I just noticed, 9 years, and 2006 (next week, equals 2015. The topic of this whole conversation, on post 1 says he predicts the year 2014. Kinda strange.
"I'd say it's very unlikely that He-3 is on the moon. Certainly more rare on the moon than on Earth."
wrong.
Try a little research first:
http://www.space.com/scienceastronomy/helium3_000630.html
"Scientists estimate there are about1 million tons of helium 3 on the moon, enough to power the world for thousandsof years. The equivalent of a single space shuttle load or roughly 25 tonscould supply the entire United States' energy needs for a year, accordingto Apollo17 astronaut and FTI researcher Harrison Schmitt."
forever the optimist, i think it is different this time because of three or four new players: China, Russia, India, -- and Burt Rutan.
We have to give credit to the Chinese who will scare everyone else into action, and particular credit to Burt Rutan and the many other folks who are showing how it can actually be *done* other than the schlerotic, highly socialist NASA bureaucracy.
i have no doubt that it if is were up to NASA, the 100 to 200 year timeframe is spot on. but i think the Chinese will go for something fast and practical, as will Burt Rutan and/or Virgen and/or Bezios...
if it takes rich tourists to start the migration into space, well, why not? heck, if we could only get pornography up there, the funding problems would be solved!

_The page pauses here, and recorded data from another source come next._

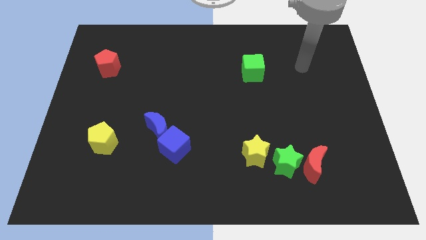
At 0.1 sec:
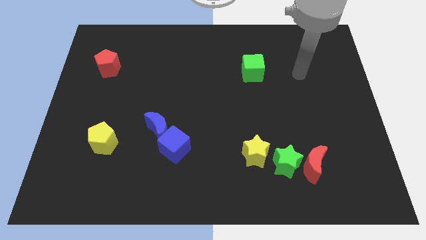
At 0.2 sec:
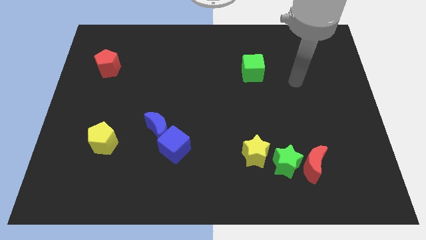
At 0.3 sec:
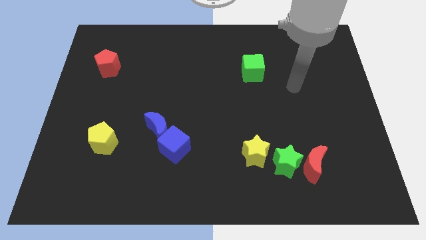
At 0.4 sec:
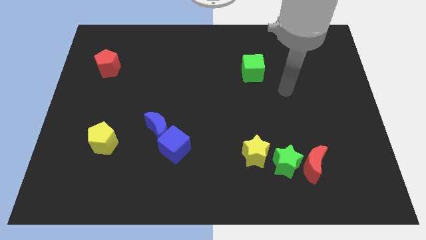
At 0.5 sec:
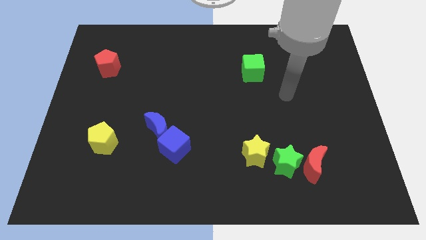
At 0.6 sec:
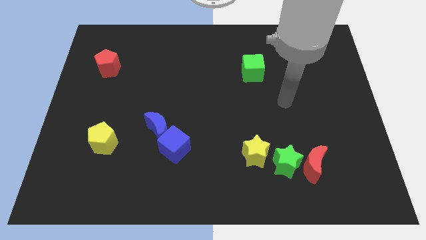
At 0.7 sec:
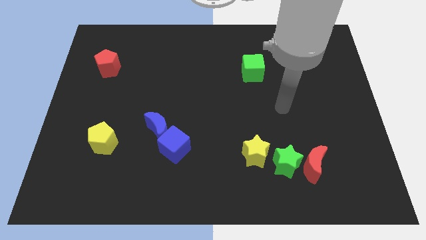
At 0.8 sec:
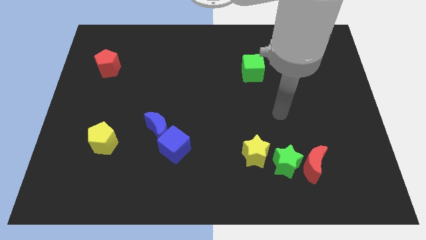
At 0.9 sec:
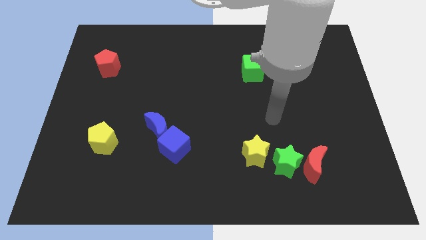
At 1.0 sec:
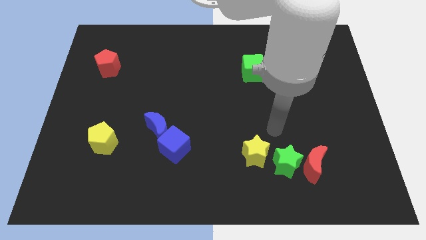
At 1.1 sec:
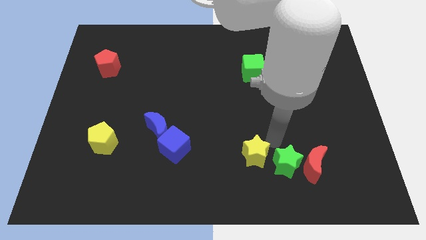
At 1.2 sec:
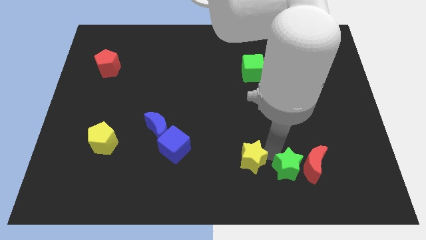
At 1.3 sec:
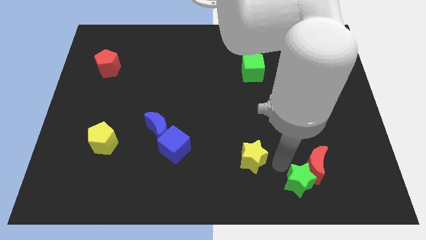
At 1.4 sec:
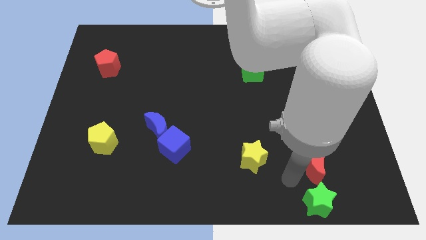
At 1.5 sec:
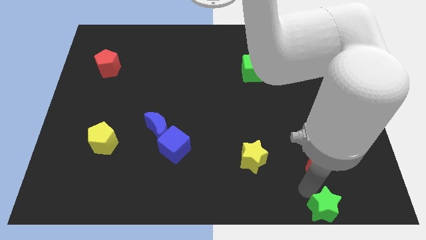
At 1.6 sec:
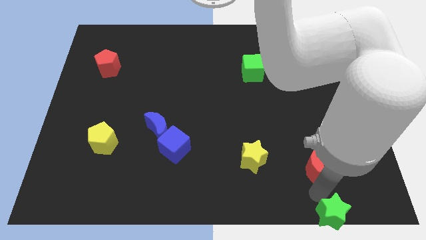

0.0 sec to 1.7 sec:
move the red moon away from the green star

The White House has withdrawn from treaties in the past, and we DIDN'T sign on to the Moon Treaty specifically for this reason. . . .
I don't want to discredit Burt Rutan. He has been an extremely talented, creative, and prolific aeronautical engineer.

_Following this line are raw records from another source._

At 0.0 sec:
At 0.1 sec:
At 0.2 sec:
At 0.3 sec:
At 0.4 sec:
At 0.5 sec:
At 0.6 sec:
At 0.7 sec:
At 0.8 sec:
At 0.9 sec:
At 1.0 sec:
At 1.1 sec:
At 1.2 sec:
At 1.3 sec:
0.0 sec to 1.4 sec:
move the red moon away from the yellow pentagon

But he hasn't really advanced the state of the art in space travel. Putting an aircraft up to the edge of space requires technical competence, but how you do it has been known for about 50 years.
It also requires a bunch of money. And although it was a "privately" funded enterprise, the individual doing the funding has a greater net worth than half the countries on Earth (that may be an exaggeration, but probably only a slight exaggeration).

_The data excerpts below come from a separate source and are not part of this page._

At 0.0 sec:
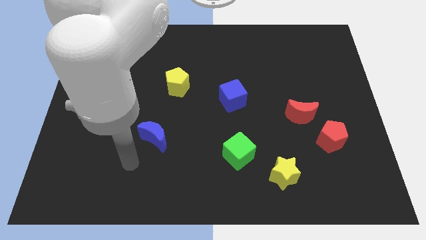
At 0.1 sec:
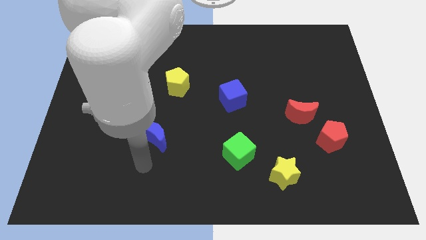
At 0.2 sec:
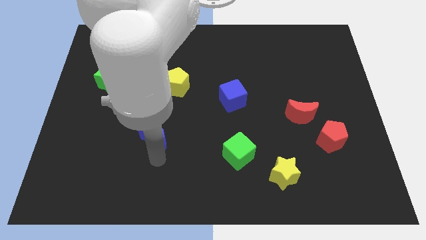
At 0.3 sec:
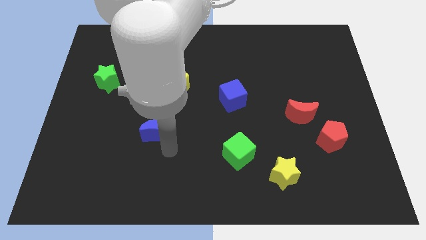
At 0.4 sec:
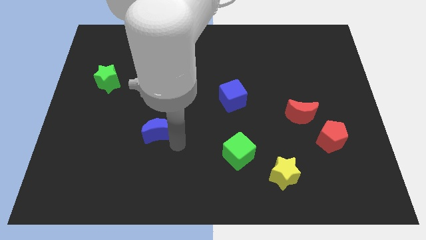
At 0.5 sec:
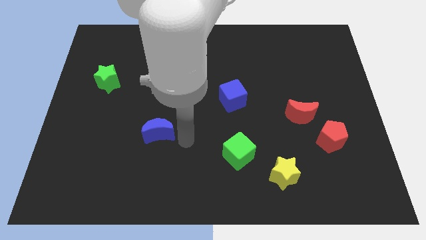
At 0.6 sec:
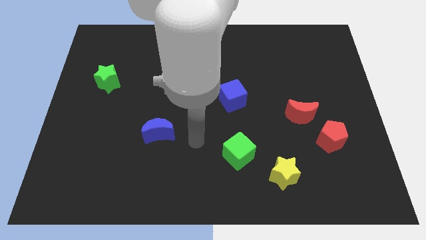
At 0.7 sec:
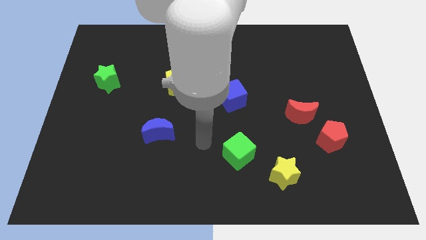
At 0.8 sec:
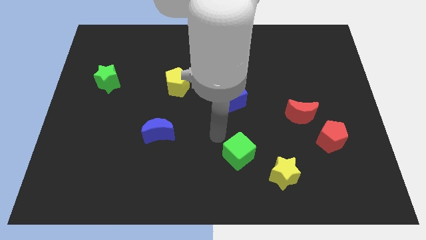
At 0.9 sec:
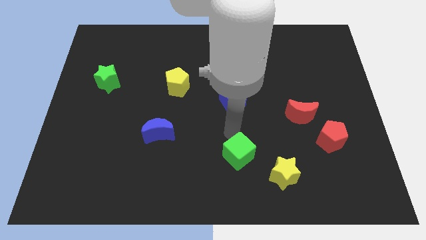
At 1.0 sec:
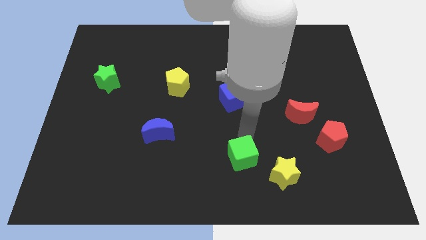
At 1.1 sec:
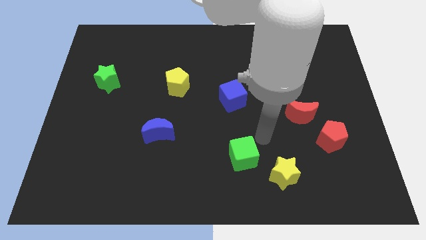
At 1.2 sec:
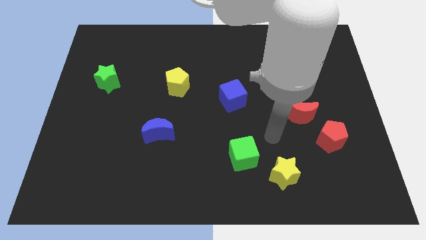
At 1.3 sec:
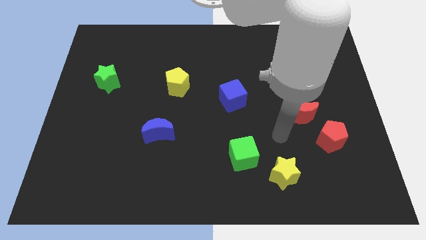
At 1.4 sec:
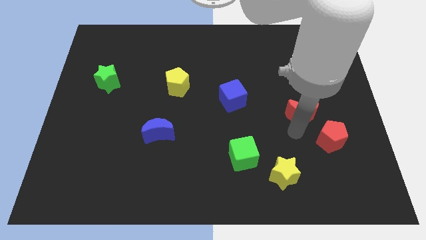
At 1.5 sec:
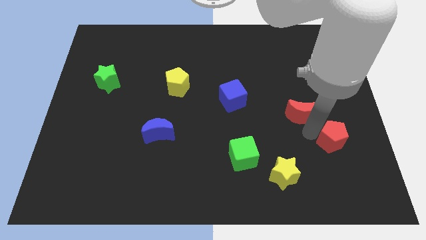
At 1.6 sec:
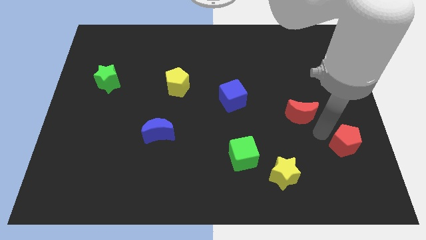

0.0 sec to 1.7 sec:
separate the red moon from the red pentagon

Doing anything useful in space (beyond a quick flight up and back so the "tourists" can say "Weeeeeeeeee") requires orbital capability. And that is several orders of magnitude more complex, dangerous, and expensive.
The reason the "Spaceship One" venture seems so "simple" compared to the early NASA suborbital launches, is because those NASA launches were merely first tests launches prior to orbital launches. And those first oribital launches were only warmups for the main acts to follow, Gemini and Apolo. And the goal of the whole enterprise was to get to the Moon. We had already been to the edge of space (in the Spaceship One sense) for years in the X-15.